The method of analysis we describe here also has the potential to provide information that could help guide patient-level clinical decision-making. Specifically, in a patient with metastatic HR-positive, HER2-negative breast cancer in whom a curative option is not available, the approach we describe could provide the information needed to ensure that a therapy that is well-tolerated and may be bringing benefit by slowing tumor growth is not abandoned. For example, in renal cell carcinoma we reported prolonged stability of the growth rate, g, in patients receiving sunitinib, suggesting that despite an increase in tumor size, sunitinib was still controlling the growth rate [37].

A similar concept could be envisioned for the patient population studied here. Patients with slowly increasing tumor size could be maintained on palbociclib if the growth rate were found to be low and slow. As to what value of g might be acceptable for continuing palbociclib, we would suggest that, just as what duration of stable disease is generally deemed valuable [38], so too could a consensus be reached as to a g value acceptable for continuing a therapy. g values can be readily converted to doubling times (DT) by dividing the natural log of 2 (0.693) by g. On the palbociclib arm, g values of 0.0019, 0.00095 and 0.00063 or below, representing DTs of 1, 2 and 3 years, respectively, were achieved in 52%, 29% and 11% and in 45%, 25% and 14% of women with fulvestrant-sensitive and fulvestrant-resistant disease, respectively (Supplemental Fig. 8, Supplemental Table 2). Any value smaller than the chosen threshold g (for example, g = 0.00095, equivalent to a doubling time of more than 2 years) would then be considered an acceptable rate of tumor growth to continue the current line of treatment.
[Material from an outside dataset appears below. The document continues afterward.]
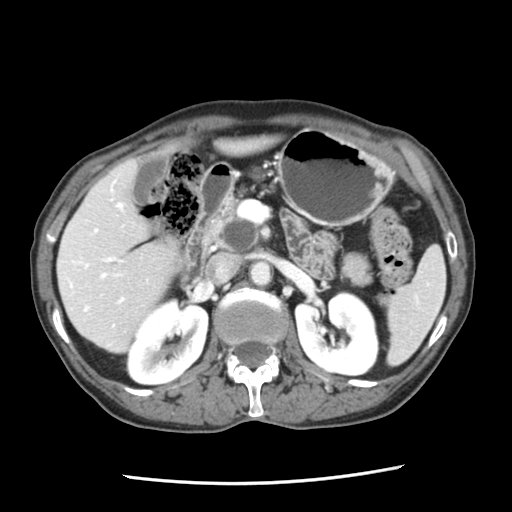
CT image, Upper abdomen
Pancreatic tumor at x1=224, y1=221, x2=254, y2=249.
Pancreas at x1=209, y1=201, x2=258, y2=253.

We acknowledge that our study has limitations. These include insufficient data leading to exclusion of a small subset of patients, exclusion of tumor data that cannot be fit by any of the four equations, and inter-reader variability for radiographic tumor measurement data, although we were gratified that in this analysis, those were few.

In summary we have successfully estimated the rates of tumor growth, g, in PALOMA-3. Our results now add breast cancer to the list of tumors in which we have been able to demonstrate g is a biomarker of OS. Our analysis confirms the reported outcomes in PALOMA-3 demonstrating a meaningful prolongation of OS with palbociclib with a median OS advantage of 6.9 months in this trial. We further confirm that amongst this more difficult to treat patient population, the addition of palbociclib was effective in patients with endocrine-sensitive disease. Because g is estimated while a patient is enrolled in a clinical trial, long before traditional endpoints mature and can be analyzed, these results argue strongly for using g as a clinical trial endpoint to help inform go/no-go decisions, improve trial efficiency, and deliver novel therapies to patients sooner.